-- Your assignment --
Every line in the data below has to be repeated exactly; no picture belongs in the result.

-- Provided data --
####
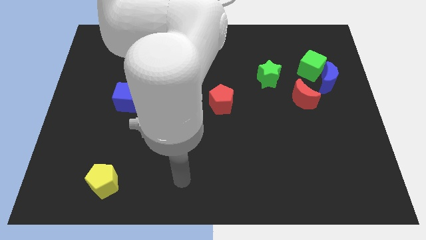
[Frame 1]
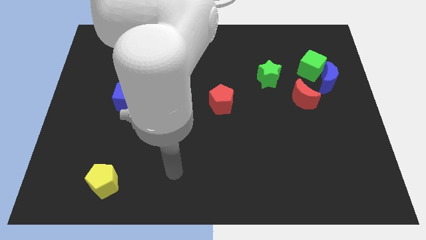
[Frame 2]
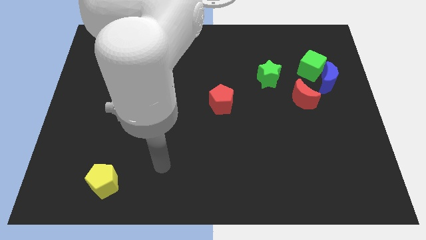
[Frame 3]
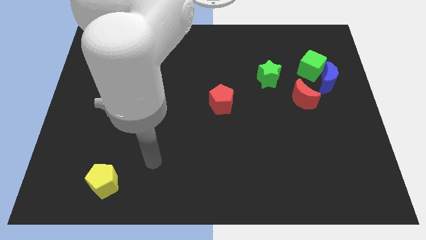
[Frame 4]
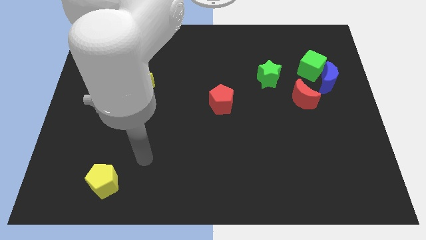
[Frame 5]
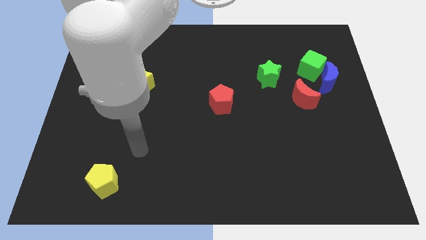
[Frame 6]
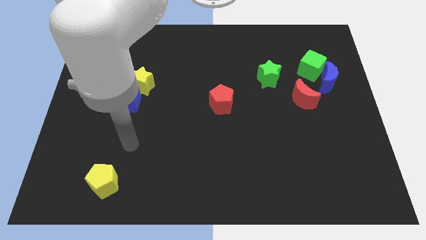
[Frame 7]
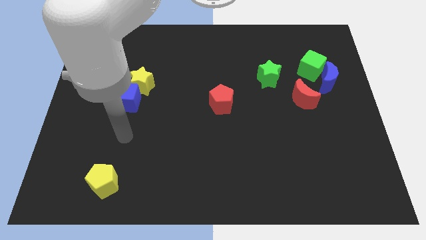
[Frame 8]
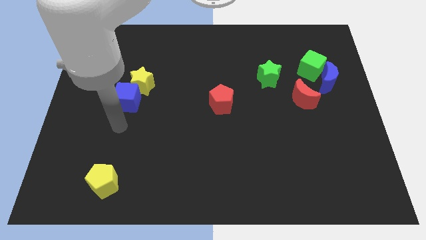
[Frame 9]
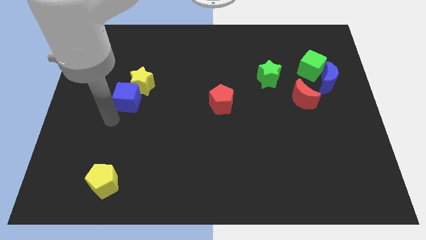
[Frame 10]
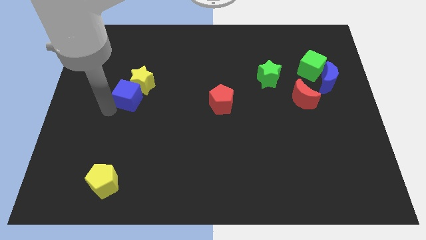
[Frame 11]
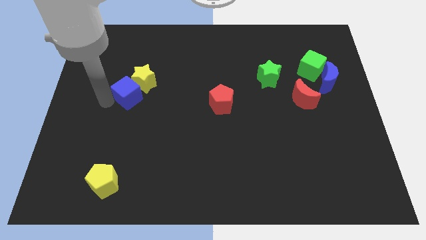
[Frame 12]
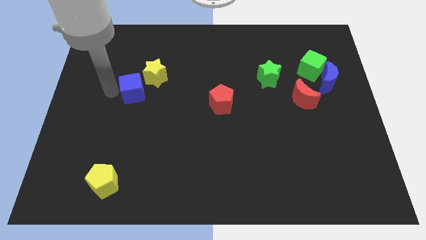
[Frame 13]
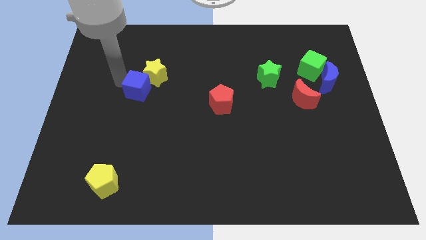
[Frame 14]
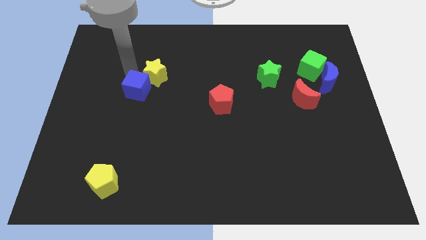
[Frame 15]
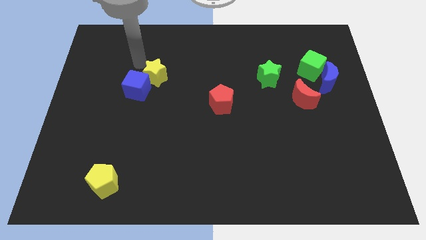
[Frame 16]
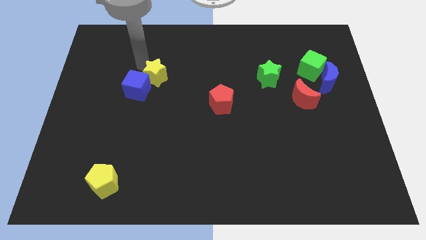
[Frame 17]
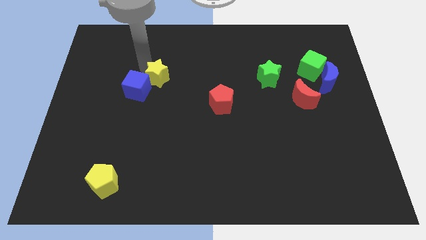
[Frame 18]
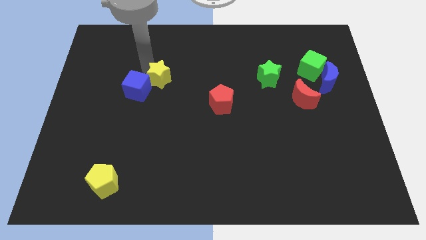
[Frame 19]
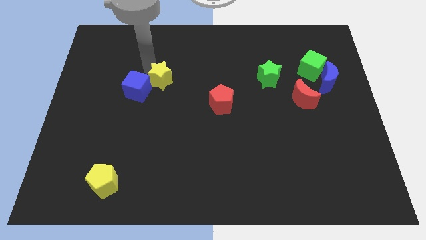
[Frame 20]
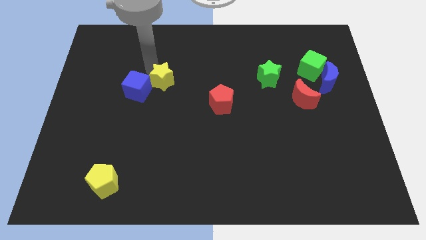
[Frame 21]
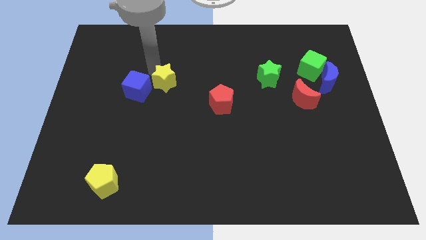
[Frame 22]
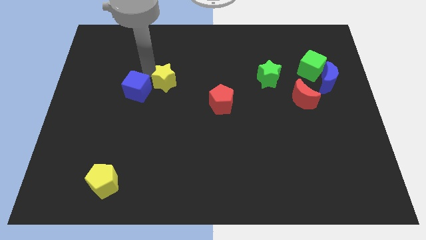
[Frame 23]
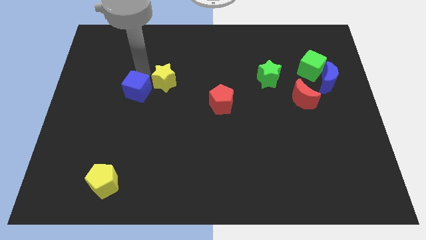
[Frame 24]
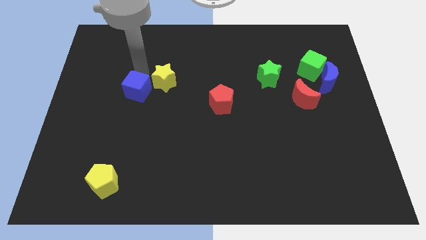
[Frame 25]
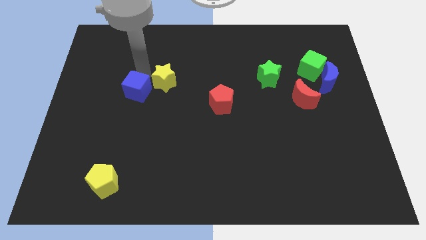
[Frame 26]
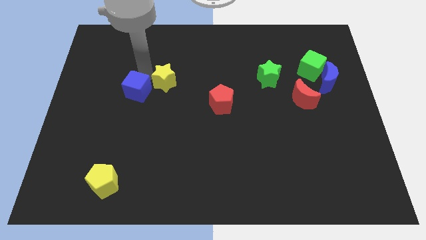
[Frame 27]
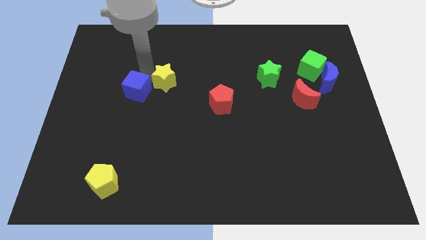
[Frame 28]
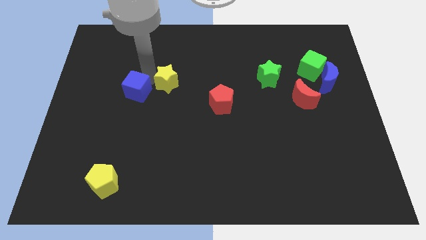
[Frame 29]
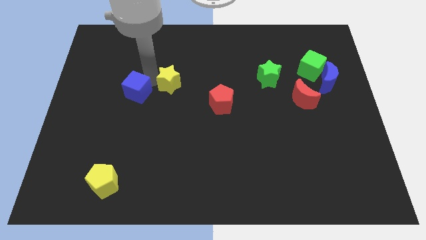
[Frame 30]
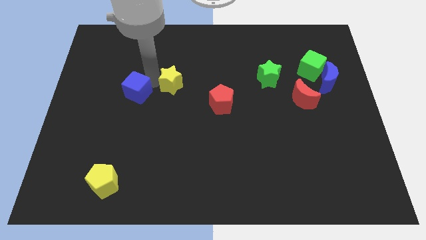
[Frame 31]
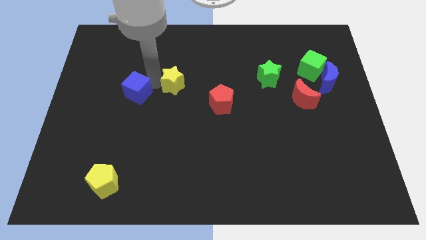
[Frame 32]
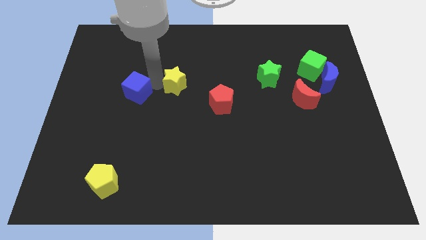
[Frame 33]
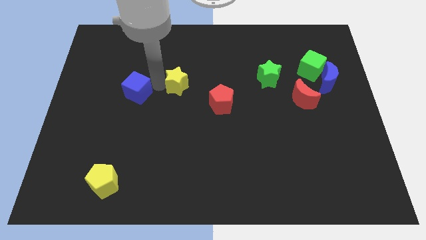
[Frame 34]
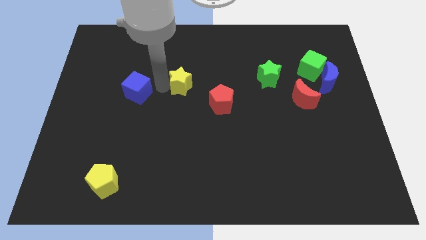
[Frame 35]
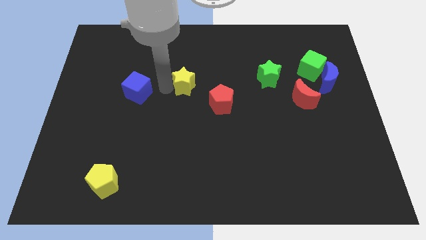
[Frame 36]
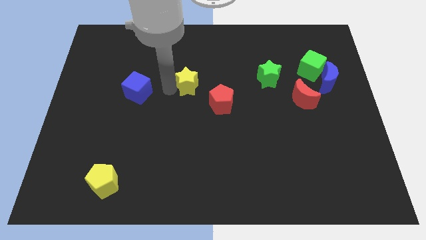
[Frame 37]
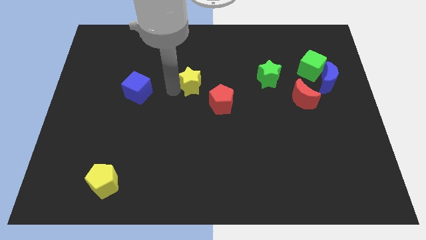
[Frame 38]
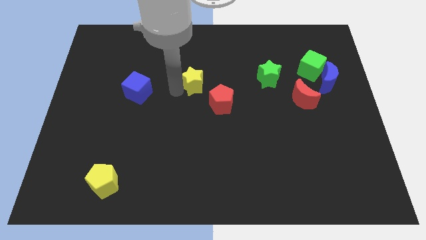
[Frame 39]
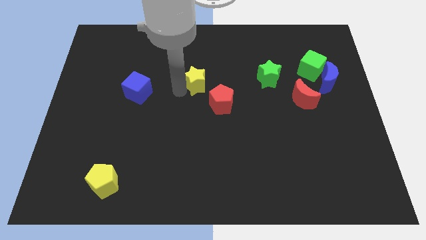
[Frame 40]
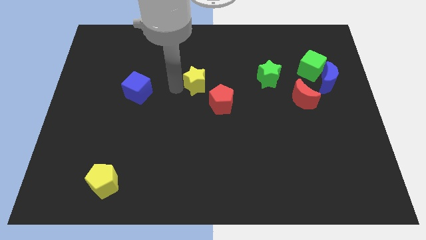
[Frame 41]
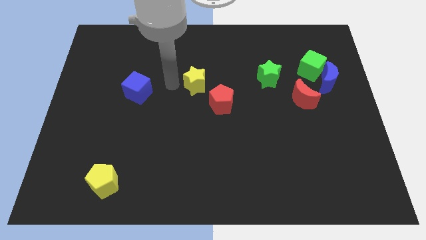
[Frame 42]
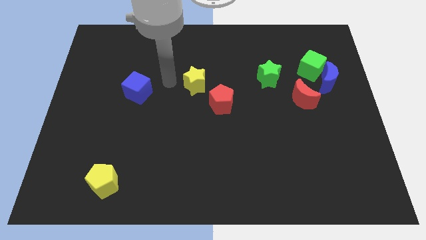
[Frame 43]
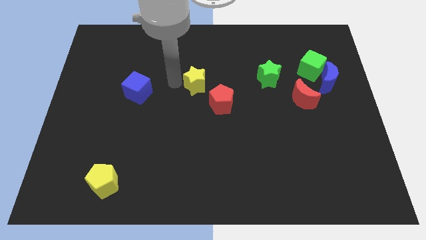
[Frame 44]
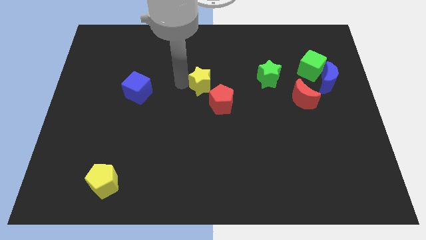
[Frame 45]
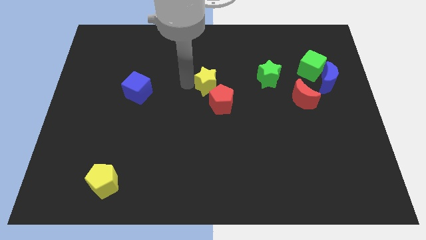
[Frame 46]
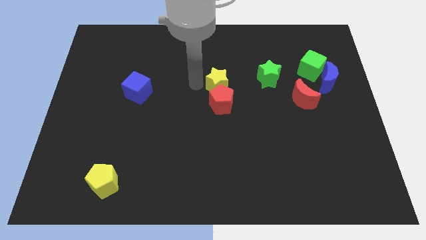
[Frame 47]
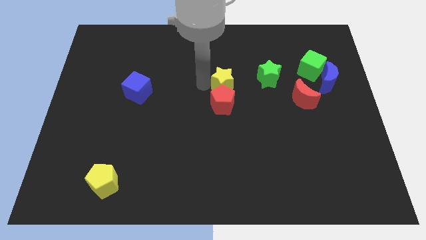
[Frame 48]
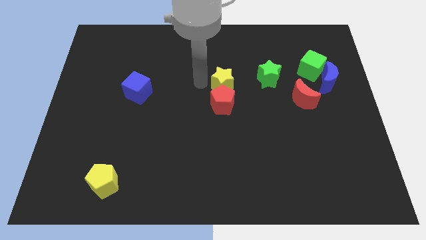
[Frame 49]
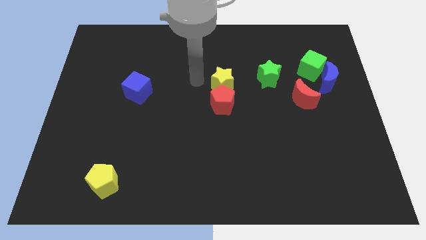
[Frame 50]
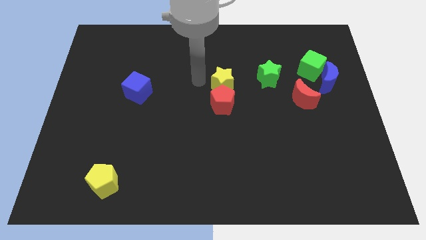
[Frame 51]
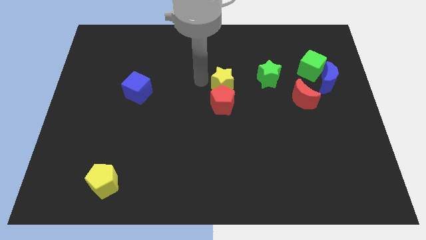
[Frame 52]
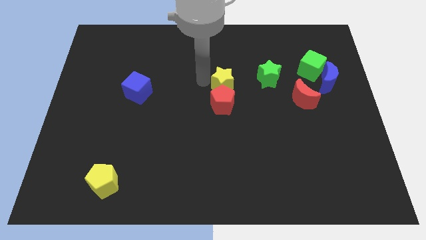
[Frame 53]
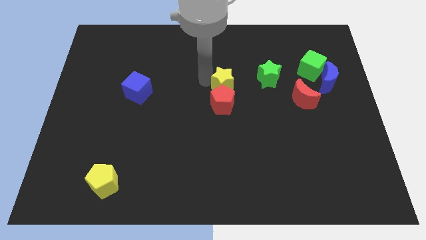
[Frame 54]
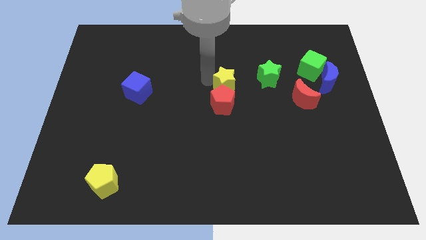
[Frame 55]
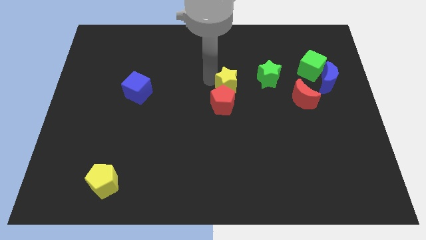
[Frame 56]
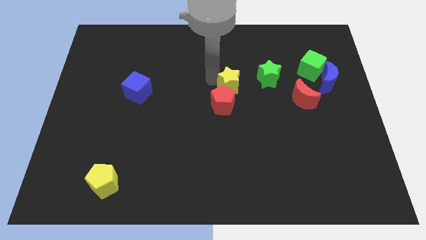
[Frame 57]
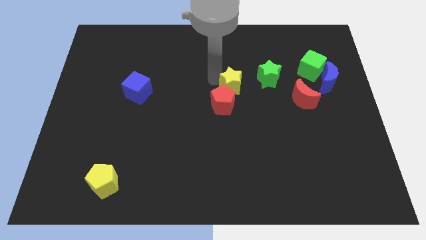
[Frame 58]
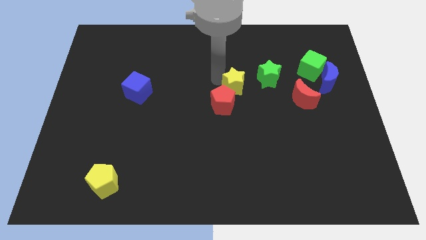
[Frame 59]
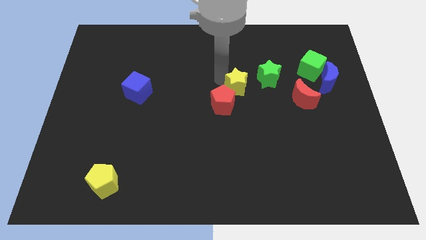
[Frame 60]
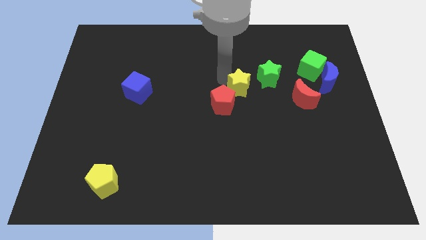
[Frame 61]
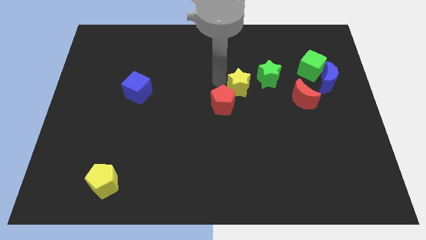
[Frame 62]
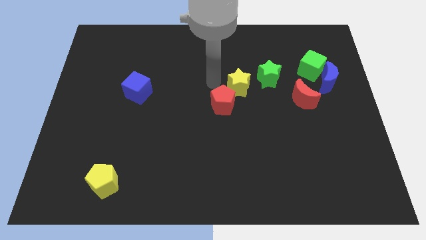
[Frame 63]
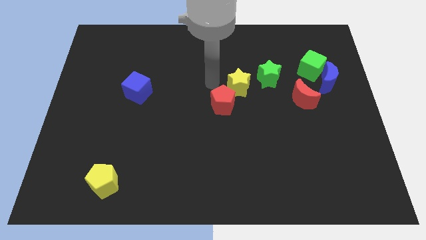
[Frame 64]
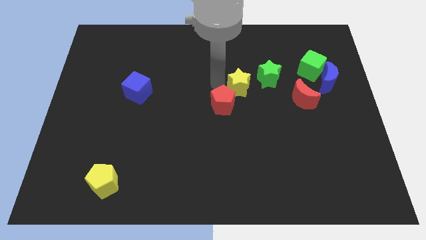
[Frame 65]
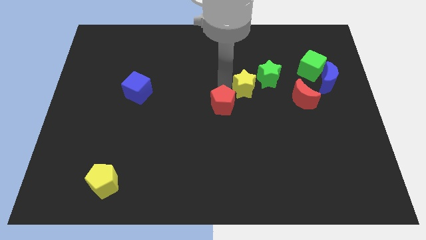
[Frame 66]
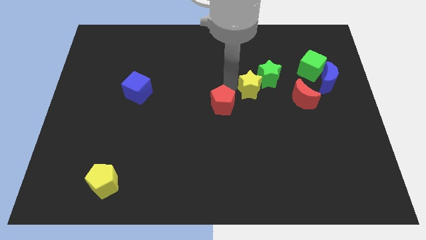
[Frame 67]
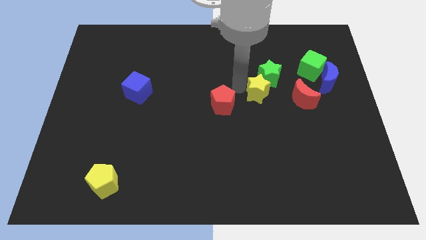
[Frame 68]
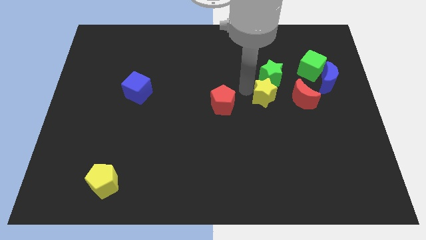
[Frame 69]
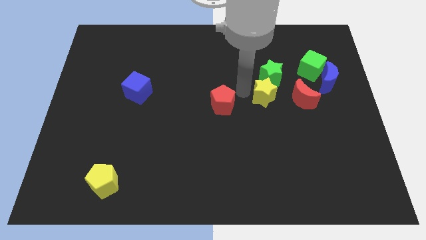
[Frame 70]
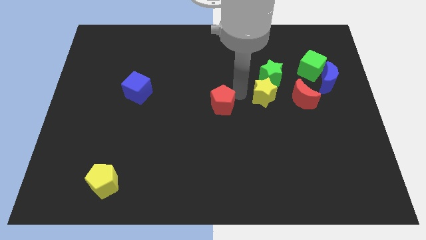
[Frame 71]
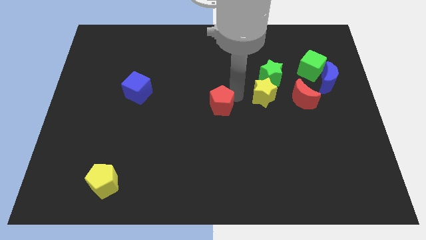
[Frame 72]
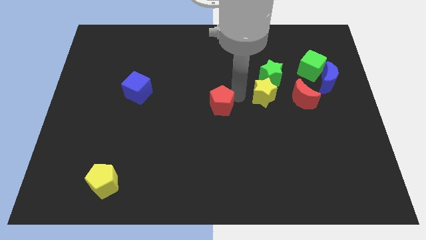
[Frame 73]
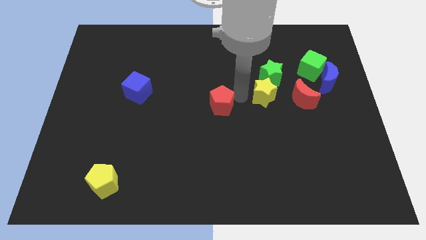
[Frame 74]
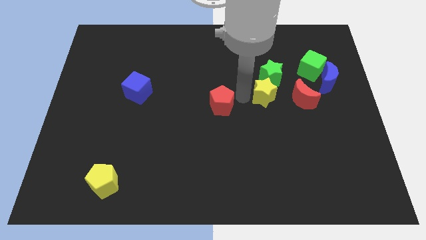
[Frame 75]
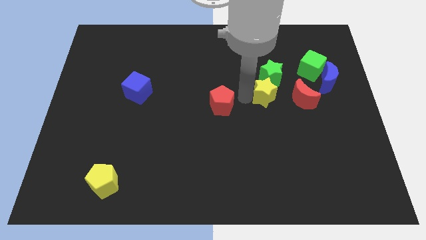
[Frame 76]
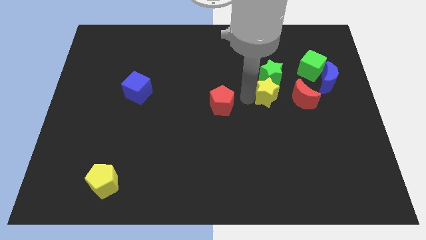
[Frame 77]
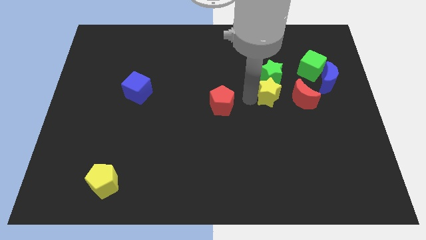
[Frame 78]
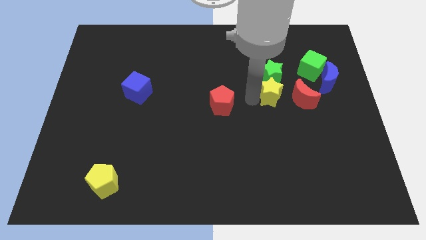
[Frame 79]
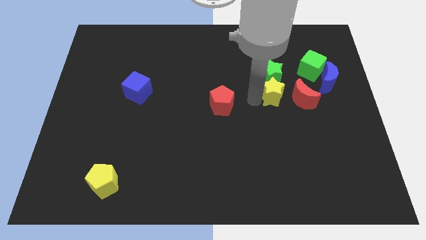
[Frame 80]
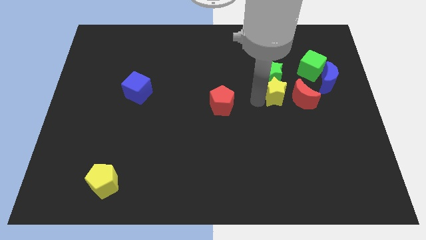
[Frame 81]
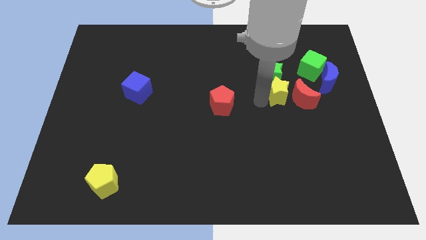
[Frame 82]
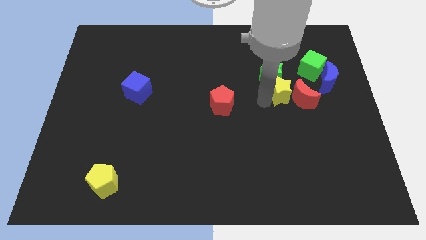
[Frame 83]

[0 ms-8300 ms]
####
-- The answer --
[Frame 1]
[Frame 2]
[Frame 3]
[Frame 4]
[Frame 5]
[Frame 6]
[Frame 7]
[Frame 8]
[Frame 9]
[Frame 10]
[Frame 11]
[Frame 12]
[Frame 13]
[Frame 14]
[Frame 15]
[Frame 16]
[Frame 17]
[Frame 18]
[Frame 19]
[Frame 20]
[Frame 21]
[Frame 22]
[Frame 23]
[Frame 24]
[Frame 25]
[Frame 26]
[Frame 27]
[Frame 28]
[Frame 29]
[Frame 30]
[Frame 31]
[Frame 32]
[Frame 33]
[Frame 34]
[Frame 35]
[Frame 36]
[Frame 37]
[Frame 38]
[Frame 39]
[Frame 40]
[Frame 41]
[Frame 42]
[Frame 43]
[Frame 44]
[Frame 45]
[Frame 46]
[Frame 47]
[Frame 48]
[Frame 49]
[Frame 50]
[Frame 51]
[Frame 52]
[Frame 53]
[Frame 54]
[Frame 55]
[Frame 56]
[Frame 57]
[Frame 58]
[Frame 59]
[Frame 60]
[Frame 61]
[Frame 62]
[Frame 63]
[Frame 64]
[Frame 65]
[Frame 66]
[Frame 67]
[Frame 68]
[Frame 69]
[Frame 70]
[Frame 71]
[Frame 72]
[Frame 73]
[Frame 74]
[Frame 75]
[Frame 76]
[Frame 77]
[Frame 78]
[Frame 79]
[Frame 80]
[Frame 81]
[Frame 82]
[Frame 83]

[0 ms-8300 ms]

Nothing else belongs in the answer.